Large multimodal LLMs frequently emit long internal reasoning traces that increase latency, cost and the chance of truncation. ThinkingCap demonstrates that a targeted, brevity-focused finetuning can teach a Qwen3.6-27B checkpoint to stop reasoning once it has enough information — substantially shortening <think> traces while maintaining final-answer quality. The practical payoff is lower inference tokens, fewer truncation failures, and reduced compute for the same task accuracy.
Key Capabilities
- Token-efficient reasoning: macro out-of-domain thinking-token reduction ≈ 45.8%; in-domain (finetune-holdout) reduction ≈ 57.7% on tested benchmarks. Means shorter internal traces on knowledge, math, long-context and agentic tasks.
- Quality retention: benchmark accuracies remain comparable to the base Qwen3.6-27B across many suites (GSM8K, MMLU variants, RealWorldQA, etc.), and safety-guardrail behaviour is preserved (SAFE % ≈ base).
- Practical deployment: distributed on Hugging Face with transformers support, plus GGUF quantized builds for local inference (Q4_K_M recommended; Q8_0 near-lossless). Compatible with llama.cpp runtimes and common sampling settings used in evaluation.

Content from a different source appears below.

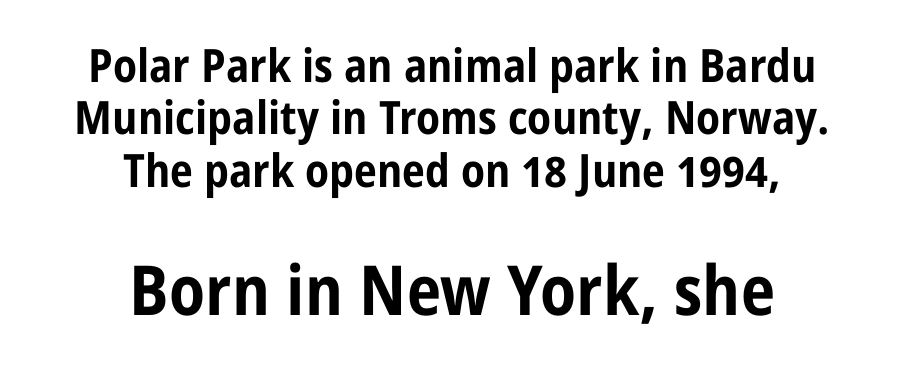
The image shows 69 px bold, condensed sans-serif type, upright; set centered, tight line spacing (1.14x), normal letter spacing, not underlined; the second (bottom) block is 1.5x larger; low stroke contrast and a medium x-height.

Who it's for and trade-offs
Great fit if you run Qwen-style models at scale or locally and want lower per-request token cost and latency without reworking prompts or toolchains. Also useful when long internal traces cause truncation or repeated-loop failures. Look elsewhere if you need absolute maximum chain-of-thought verbosity for research that inspects every intermediate step, or if you require a model with different pretraining knowledge than Qwen3.6-27B.
Where it fits
Positioned as a drop-in, efficiency-focused replacement for Qwen3.6-27B in workflows that value shorter reasoning traces: production inference, local/offline deployments, and agent stacks where reasoning token budgets matter.
How it was built (brief)
Starting from Qwen/Qwen3.6-27B, the team finetuned on a curated mix of reasoning and non-reasoning tasks with objectives that reward concise, sufficient reasoning rather than maximal verbosity. Evaluations used multiple seeds, high generation caps for fairness, and both in-domain holdouts and out-of-domain benchmarks to measure token savings, accuracy, looping and truncation metrics.